>>>
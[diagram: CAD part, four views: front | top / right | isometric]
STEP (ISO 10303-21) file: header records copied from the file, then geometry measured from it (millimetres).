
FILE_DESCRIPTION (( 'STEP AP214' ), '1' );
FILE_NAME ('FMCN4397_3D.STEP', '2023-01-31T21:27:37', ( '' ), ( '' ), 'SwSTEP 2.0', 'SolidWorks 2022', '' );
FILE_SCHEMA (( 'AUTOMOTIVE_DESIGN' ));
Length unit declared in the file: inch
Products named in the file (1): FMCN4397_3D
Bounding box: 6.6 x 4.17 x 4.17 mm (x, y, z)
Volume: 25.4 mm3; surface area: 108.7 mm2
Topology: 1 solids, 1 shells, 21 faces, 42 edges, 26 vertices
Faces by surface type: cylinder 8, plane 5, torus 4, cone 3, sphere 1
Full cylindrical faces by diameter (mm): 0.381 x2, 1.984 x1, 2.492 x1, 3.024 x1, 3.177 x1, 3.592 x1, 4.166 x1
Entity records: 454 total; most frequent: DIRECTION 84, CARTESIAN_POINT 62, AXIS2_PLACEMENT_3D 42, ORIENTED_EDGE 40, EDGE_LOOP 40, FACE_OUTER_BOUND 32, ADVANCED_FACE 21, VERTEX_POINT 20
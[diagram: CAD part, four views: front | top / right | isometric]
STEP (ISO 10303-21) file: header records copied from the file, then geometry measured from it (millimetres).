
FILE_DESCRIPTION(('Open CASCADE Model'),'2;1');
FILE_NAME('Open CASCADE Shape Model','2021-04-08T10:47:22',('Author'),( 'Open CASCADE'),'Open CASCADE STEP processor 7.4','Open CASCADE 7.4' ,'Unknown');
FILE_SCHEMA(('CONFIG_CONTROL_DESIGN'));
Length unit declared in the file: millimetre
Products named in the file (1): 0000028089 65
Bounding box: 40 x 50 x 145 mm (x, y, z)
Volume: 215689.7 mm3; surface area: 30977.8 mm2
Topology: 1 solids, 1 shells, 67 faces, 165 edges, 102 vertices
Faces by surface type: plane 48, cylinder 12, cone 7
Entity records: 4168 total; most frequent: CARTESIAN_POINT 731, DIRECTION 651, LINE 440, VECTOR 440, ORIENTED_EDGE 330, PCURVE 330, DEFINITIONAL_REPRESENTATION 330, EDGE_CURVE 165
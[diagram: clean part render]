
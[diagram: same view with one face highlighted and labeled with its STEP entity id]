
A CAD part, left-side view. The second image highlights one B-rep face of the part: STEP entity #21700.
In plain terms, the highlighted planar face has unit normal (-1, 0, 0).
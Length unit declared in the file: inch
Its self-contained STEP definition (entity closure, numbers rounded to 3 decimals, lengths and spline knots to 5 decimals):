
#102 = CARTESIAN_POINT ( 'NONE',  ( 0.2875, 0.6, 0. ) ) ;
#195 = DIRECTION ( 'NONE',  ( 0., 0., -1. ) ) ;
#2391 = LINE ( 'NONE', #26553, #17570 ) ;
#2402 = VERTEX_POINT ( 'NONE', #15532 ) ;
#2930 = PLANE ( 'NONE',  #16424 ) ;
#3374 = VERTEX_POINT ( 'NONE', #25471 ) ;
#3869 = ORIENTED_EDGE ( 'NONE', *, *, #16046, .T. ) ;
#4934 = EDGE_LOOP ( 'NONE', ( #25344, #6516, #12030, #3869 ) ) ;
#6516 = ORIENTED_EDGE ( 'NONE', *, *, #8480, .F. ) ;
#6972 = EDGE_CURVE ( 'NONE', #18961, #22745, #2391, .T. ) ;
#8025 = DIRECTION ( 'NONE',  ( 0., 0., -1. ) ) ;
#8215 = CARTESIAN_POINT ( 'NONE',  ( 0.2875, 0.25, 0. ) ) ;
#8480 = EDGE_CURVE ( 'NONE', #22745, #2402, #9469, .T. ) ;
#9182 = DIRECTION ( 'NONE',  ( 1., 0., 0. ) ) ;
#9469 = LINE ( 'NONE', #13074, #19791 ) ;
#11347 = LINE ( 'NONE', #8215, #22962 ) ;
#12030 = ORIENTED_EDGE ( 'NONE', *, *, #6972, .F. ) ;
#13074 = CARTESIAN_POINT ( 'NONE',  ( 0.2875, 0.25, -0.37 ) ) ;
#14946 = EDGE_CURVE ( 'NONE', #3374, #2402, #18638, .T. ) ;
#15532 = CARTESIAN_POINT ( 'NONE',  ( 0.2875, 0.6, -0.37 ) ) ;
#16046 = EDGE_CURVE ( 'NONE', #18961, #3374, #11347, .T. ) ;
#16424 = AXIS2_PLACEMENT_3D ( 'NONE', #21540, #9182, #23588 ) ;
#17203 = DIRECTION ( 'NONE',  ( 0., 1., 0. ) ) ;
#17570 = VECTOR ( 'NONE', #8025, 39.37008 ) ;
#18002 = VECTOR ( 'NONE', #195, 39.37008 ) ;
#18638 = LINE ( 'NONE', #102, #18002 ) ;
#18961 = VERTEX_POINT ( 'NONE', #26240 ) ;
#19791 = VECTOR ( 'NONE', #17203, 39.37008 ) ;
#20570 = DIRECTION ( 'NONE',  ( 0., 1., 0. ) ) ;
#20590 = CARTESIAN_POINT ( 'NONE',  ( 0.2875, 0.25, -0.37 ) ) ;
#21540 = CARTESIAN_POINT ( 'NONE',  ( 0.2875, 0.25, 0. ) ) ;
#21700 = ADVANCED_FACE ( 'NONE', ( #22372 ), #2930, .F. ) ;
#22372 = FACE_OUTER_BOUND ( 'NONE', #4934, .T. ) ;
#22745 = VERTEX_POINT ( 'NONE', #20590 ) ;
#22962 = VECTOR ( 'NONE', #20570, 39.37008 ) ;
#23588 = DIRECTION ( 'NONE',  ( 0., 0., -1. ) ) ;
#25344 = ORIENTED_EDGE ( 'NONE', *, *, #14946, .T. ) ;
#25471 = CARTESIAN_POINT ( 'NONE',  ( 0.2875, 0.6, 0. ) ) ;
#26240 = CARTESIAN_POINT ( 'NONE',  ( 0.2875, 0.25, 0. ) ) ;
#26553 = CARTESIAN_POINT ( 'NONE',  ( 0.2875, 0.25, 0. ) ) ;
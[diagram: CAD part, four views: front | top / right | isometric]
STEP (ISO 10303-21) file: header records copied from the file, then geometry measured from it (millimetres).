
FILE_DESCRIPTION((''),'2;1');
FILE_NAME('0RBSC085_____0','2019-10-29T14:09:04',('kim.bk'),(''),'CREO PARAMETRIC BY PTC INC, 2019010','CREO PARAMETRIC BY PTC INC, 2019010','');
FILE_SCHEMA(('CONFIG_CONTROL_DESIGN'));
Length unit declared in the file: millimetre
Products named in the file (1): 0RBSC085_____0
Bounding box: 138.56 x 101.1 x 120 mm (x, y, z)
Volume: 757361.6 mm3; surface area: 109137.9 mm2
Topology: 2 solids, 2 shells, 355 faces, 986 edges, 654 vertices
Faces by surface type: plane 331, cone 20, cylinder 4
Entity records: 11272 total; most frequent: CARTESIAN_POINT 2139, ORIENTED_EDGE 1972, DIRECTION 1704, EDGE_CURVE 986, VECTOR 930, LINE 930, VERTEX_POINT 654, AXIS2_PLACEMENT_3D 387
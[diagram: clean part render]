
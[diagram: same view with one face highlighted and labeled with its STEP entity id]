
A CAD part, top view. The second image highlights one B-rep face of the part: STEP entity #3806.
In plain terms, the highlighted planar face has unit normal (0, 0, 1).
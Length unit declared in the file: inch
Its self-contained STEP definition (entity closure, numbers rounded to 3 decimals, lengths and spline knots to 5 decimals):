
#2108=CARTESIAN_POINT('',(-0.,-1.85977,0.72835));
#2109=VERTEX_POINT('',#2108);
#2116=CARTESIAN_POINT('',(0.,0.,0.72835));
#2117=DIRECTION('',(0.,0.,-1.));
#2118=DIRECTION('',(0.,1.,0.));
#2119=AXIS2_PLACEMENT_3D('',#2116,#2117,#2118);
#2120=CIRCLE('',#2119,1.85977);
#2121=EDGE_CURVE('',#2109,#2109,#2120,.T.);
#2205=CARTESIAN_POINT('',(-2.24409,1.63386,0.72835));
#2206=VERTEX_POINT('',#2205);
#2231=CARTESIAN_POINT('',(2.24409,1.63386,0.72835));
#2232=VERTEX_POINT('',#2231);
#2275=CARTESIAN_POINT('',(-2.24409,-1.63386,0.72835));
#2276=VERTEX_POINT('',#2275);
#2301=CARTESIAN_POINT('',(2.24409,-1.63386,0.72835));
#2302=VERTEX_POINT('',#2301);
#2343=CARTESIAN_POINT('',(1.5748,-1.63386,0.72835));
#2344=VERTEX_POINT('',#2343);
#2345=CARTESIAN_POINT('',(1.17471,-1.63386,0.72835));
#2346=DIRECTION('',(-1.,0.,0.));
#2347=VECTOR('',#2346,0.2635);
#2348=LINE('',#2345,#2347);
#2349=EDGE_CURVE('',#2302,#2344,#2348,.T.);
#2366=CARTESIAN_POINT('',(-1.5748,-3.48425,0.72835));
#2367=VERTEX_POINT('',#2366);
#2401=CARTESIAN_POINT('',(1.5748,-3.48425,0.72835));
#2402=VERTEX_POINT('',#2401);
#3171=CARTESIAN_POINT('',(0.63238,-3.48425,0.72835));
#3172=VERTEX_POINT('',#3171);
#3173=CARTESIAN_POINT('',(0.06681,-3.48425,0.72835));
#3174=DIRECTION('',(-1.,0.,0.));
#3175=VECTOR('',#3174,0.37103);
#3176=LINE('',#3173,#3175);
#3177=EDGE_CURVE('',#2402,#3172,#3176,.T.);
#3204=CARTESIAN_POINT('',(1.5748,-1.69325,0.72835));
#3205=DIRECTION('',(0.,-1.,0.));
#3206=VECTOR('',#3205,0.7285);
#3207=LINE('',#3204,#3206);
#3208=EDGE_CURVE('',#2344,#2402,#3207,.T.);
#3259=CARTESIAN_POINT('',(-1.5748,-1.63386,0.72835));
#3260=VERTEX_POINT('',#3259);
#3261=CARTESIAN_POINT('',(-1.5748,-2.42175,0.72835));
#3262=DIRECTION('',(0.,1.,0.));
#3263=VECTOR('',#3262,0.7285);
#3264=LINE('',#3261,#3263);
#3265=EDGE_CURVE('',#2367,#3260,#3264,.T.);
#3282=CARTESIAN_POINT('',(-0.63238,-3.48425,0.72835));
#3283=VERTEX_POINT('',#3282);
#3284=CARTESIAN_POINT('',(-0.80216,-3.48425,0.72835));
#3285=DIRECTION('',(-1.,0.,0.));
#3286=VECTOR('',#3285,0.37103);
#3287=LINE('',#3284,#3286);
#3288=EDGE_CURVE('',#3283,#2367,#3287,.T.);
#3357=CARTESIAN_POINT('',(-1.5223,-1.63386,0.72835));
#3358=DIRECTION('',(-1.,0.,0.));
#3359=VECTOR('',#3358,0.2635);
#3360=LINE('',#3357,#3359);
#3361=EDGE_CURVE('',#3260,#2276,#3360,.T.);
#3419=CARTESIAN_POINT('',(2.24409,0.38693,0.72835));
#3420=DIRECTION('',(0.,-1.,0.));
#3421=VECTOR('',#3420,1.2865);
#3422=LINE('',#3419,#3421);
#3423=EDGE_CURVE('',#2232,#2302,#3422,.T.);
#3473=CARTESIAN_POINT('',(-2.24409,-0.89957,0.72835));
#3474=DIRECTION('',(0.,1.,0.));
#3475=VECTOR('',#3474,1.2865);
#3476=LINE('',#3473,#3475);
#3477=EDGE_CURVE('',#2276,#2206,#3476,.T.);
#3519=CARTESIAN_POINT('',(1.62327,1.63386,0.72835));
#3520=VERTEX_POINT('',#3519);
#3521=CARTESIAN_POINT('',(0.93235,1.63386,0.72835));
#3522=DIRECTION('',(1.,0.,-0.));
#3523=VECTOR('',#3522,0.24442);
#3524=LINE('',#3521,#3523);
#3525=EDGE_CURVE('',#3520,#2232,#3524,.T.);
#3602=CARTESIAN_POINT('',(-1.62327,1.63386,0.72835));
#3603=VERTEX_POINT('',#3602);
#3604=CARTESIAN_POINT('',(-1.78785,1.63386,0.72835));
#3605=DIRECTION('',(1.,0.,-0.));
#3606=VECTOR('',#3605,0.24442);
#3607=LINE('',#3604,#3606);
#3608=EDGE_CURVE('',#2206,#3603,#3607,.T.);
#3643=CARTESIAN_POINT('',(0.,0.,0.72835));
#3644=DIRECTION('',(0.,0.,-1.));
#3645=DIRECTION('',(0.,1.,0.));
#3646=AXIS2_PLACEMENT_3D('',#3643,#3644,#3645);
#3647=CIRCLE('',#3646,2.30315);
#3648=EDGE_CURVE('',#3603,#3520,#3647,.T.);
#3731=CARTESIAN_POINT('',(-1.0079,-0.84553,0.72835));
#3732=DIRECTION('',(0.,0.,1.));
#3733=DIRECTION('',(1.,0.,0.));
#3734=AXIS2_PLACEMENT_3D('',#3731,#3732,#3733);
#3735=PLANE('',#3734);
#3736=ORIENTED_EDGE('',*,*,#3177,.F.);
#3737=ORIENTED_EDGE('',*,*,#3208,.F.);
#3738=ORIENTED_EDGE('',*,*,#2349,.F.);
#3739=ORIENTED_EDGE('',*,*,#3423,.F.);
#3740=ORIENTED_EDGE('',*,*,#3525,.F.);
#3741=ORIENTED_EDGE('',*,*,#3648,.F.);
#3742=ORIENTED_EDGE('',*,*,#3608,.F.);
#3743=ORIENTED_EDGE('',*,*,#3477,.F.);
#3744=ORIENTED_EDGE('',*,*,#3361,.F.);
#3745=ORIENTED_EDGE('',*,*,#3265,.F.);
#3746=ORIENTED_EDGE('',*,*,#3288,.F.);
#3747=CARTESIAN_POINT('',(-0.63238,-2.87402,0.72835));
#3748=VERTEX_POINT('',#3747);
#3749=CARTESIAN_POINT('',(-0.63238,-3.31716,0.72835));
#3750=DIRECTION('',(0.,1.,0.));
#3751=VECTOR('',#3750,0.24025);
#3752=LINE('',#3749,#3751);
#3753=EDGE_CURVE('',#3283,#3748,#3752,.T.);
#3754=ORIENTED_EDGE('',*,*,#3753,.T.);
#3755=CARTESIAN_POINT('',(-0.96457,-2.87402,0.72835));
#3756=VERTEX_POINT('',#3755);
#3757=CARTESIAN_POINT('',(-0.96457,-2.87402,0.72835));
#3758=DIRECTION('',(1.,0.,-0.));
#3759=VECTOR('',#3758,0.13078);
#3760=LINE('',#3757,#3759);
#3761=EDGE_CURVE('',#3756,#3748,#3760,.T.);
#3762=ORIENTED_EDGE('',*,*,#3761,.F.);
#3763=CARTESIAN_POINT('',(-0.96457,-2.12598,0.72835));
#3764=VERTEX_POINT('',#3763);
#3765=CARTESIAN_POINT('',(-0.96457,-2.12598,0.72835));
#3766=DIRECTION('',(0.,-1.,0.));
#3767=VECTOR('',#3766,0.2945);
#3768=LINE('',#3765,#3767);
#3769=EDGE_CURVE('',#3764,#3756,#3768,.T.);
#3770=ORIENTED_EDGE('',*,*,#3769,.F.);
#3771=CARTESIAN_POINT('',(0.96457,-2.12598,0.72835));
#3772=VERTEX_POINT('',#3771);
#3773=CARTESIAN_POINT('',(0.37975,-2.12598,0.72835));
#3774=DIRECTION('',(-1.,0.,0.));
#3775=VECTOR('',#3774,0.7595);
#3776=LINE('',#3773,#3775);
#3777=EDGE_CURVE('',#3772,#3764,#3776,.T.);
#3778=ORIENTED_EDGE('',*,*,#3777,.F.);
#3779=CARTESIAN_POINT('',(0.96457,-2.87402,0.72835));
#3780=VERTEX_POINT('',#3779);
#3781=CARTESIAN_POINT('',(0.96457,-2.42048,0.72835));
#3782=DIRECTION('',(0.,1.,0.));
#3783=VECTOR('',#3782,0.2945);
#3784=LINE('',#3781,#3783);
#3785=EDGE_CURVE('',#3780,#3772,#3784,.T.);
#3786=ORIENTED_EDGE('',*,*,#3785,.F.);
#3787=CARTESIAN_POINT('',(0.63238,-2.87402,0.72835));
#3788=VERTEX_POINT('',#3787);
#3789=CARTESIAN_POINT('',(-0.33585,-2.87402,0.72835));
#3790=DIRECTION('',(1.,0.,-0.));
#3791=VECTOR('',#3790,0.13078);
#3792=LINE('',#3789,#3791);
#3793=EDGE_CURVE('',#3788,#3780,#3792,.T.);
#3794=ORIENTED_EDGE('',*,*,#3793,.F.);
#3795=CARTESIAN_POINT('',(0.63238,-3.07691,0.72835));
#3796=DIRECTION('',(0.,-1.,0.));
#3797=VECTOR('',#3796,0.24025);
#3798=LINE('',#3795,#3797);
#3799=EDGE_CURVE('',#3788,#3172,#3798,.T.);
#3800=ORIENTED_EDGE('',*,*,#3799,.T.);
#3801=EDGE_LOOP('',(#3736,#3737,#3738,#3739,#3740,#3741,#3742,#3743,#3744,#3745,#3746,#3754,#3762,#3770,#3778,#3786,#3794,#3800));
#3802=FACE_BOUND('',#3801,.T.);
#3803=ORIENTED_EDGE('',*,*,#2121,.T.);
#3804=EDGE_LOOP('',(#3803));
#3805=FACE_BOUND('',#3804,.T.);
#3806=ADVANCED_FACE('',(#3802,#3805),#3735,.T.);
<<<
> _WHAT YOU WILL DO_
Where a line of the records contains the word "CIRCLE", count it; state only the final tally.

> _RESPONSE TO THE EXERCISE_
2